Mars renews its commitment to Earth

Candy, food, drink, and pet care giant's communications leader explains why the privately owned company overcame its natural reserve to influence the global debate on sustainability and climate change.

Mars launched its M&M’s Fans of Wind campaign in New York last week.
Mars launched its M&M’s Fans of Wind campaign in New York last week.

Over the past few weeks, the world has heard more from Mars - the company - than ever before.

Best known for our brands, such as M&M’s, we tended to let them do the talking. As a private, family owned company, we focused on running our business without the need for fanfare and proclamations. When it comes to sustainability, we’ve been content to let our actions speak louder than our words.

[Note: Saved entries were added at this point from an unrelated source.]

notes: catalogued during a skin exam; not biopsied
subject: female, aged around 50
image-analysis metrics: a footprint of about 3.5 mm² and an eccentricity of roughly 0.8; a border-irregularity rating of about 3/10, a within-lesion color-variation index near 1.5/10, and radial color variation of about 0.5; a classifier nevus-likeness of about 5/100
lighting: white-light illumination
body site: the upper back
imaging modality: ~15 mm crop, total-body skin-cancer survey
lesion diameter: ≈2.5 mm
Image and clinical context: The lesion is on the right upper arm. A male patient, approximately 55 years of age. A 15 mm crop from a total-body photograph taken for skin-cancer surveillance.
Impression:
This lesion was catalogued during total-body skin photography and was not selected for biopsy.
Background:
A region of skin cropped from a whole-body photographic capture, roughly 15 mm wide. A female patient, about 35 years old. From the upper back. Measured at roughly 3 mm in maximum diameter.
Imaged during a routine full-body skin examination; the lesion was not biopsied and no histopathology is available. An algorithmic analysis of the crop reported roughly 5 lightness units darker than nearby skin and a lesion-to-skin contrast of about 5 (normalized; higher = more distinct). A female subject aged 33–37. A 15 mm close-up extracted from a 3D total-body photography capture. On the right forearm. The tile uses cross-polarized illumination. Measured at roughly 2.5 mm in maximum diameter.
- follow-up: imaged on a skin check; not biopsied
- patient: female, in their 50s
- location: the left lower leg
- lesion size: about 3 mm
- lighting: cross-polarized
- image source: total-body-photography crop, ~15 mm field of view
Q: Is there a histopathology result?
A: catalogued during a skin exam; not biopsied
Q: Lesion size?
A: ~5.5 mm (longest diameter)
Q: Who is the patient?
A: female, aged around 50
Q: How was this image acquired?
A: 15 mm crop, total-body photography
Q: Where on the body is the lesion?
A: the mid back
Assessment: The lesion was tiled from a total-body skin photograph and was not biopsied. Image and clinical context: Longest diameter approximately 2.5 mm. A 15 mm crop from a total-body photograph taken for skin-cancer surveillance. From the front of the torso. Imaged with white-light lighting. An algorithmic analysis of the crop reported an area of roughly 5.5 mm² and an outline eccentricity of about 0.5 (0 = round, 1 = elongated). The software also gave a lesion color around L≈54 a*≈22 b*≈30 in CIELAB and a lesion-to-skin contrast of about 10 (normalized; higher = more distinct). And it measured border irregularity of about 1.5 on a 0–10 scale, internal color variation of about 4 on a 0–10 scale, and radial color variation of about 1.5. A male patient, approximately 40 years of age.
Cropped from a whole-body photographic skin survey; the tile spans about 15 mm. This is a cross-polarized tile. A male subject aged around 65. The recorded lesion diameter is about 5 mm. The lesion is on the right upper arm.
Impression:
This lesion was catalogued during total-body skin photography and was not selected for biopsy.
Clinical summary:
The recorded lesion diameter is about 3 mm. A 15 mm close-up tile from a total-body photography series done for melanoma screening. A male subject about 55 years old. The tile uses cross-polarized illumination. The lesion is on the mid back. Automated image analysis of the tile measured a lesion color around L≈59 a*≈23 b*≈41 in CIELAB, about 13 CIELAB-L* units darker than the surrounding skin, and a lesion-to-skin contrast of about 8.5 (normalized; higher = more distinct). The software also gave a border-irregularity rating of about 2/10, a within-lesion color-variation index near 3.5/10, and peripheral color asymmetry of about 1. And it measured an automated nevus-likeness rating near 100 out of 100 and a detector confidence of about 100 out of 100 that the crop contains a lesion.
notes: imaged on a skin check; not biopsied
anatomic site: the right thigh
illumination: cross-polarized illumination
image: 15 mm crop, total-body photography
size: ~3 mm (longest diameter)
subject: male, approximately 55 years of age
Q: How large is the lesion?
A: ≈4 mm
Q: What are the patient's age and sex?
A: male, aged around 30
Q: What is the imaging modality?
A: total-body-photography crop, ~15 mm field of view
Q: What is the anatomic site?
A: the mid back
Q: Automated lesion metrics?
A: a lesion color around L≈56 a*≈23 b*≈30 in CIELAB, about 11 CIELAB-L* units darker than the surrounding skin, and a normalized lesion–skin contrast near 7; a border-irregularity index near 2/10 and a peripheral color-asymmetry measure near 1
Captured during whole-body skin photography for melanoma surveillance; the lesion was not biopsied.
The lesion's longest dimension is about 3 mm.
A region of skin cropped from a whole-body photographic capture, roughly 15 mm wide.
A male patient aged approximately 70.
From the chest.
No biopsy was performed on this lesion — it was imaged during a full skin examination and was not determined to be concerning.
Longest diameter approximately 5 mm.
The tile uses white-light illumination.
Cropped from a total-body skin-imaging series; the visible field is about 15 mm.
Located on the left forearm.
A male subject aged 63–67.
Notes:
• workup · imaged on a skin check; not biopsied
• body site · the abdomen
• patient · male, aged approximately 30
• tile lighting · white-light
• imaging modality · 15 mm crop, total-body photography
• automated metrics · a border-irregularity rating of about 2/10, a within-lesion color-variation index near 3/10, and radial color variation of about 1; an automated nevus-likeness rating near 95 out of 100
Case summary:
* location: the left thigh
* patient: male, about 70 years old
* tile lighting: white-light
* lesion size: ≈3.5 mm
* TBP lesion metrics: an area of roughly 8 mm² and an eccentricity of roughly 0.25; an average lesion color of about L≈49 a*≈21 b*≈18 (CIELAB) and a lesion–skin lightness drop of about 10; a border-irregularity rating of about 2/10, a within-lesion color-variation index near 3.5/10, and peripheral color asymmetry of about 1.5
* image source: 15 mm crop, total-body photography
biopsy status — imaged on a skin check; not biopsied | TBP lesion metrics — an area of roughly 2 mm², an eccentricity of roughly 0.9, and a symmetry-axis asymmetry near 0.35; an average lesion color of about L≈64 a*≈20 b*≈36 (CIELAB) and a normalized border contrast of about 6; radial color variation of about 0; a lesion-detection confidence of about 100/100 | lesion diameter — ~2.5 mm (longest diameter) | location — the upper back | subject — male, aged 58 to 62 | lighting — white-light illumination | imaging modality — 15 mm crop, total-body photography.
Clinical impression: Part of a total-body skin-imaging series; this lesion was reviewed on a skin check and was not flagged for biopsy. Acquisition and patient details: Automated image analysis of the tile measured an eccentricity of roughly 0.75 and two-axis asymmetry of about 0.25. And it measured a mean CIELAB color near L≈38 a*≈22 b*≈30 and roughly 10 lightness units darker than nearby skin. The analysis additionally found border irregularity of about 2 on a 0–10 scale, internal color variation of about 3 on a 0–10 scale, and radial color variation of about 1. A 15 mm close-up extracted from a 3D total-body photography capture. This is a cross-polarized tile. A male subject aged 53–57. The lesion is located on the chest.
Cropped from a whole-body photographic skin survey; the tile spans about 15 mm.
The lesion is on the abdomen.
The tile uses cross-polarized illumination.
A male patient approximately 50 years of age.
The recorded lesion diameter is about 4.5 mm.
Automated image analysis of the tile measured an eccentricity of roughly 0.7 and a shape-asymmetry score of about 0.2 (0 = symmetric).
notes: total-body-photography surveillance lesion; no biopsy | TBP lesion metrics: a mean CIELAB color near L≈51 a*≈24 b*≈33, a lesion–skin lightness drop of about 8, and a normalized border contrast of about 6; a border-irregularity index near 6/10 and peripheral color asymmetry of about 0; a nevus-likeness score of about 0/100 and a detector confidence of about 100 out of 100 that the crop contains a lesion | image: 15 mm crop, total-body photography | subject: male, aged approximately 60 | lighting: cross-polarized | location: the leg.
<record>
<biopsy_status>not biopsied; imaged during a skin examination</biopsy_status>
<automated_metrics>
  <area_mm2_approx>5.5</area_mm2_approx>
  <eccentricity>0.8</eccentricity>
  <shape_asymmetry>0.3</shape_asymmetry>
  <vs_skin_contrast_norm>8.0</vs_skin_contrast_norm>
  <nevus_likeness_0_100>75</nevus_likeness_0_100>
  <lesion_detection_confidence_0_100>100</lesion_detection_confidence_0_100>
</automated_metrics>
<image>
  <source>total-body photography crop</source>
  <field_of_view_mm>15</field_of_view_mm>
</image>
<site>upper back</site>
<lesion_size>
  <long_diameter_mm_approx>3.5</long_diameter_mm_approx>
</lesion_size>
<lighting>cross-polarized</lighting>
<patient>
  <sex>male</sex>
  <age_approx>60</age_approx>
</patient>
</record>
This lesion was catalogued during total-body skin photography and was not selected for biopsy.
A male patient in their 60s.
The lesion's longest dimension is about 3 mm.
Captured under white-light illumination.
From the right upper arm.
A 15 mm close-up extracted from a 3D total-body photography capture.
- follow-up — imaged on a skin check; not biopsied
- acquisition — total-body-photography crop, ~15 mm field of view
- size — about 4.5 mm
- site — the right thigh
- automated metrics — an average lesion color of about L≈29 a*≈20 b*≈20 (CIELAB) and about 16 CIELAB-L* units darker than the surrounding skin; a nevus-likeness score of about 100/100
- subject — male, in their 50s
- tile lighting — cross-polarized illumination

In recent weeks we have taken a different approach, because we see the scale of the challenge we collectively must overcome and the opportunity for business to find its voice on these issues.

At the start of September, we unveiled our Sustainable in a Generation Plan, our commitment to invest almost $1 billion over the next few years to tackle urgent threats facing the planet, including climate change, poverty in the supply chain, and scarcity of resources.

Last week, as the world’s leading policymakers, NGOs and business leaders gathered in New York for Climate Week and the United Nations General Assembly, we spent time reiterating and reinforcing our position in order to drive the change that needs to happen now to address these critical challenges and secure the future of the planet.

If you can’t find your voice when the health of the planet it at risk, when can you?

Speaking out at a time like this is critical because we appreciate the role business has to play in driving change at scale. That’s why our Sustainable in a Generation Plan focuses on areas where Mars can impact change on some of the world’s biggest problems, including water security, deforestation, smallholder poverty, and food security.

We also know that, increasingly, our consumers care about these issues as much as we do, which is why our M&M’s Fans of Wind campaign - launched in New York last week - has been a key element of our approach as a way of reaching consumers with a simple message around the positive benefits of renewable energy.

Ultimately, this isn’t just about doing our part or doing incrementally better, it’s about doing what is right and being guided by the science and data on the change that needs to happen.

We’ve been very clear we cannot do this alone. We know we need to play our part to mobilize the widest possible range of stakeholders to drive change at scale.

Last week, Mars leaders were involved in over 70 meetings and events with governmental leaders, policymakers, officials, business peers, and NGOs. Our engagement involved our chairman Stephen Badger, board member Frank Mars, and three members of our Mars leadership team, as well as number of our other global leaders.

We signed a Memorandum of Understanding with the International Fund for Agricultural Development to support projects designed to improve the livelihoods and economic opportunities of smallholder farmers.

We partnered with Project Everyone to bring Global Goals M&M’s to thousands of people at events in New York. Our Thriving People workshop asked NGOs and civil society to scrutinize and critique our work and tell us what we need to do better and how they can help.

Our sustainability experts hosted Facebook Live chats to reach a digital audience, including many of our 100,000 associates worldwide. The launch of our M&M’s Fans of Wind campaign in Times Square and M&M’s World asked consumers to get on board by pledging their support for renewable energy.

And it does not end here.

Stepping forward so publicly does not necessarily come naturally for Mars, but it does give us a better chance of building the coalitions the world needs to deliver on the UN’s Sustainable Development Goals and the Paris Climate Agreement, and to create an understanding of how important it is for business to stand up and be counted on these critical issues.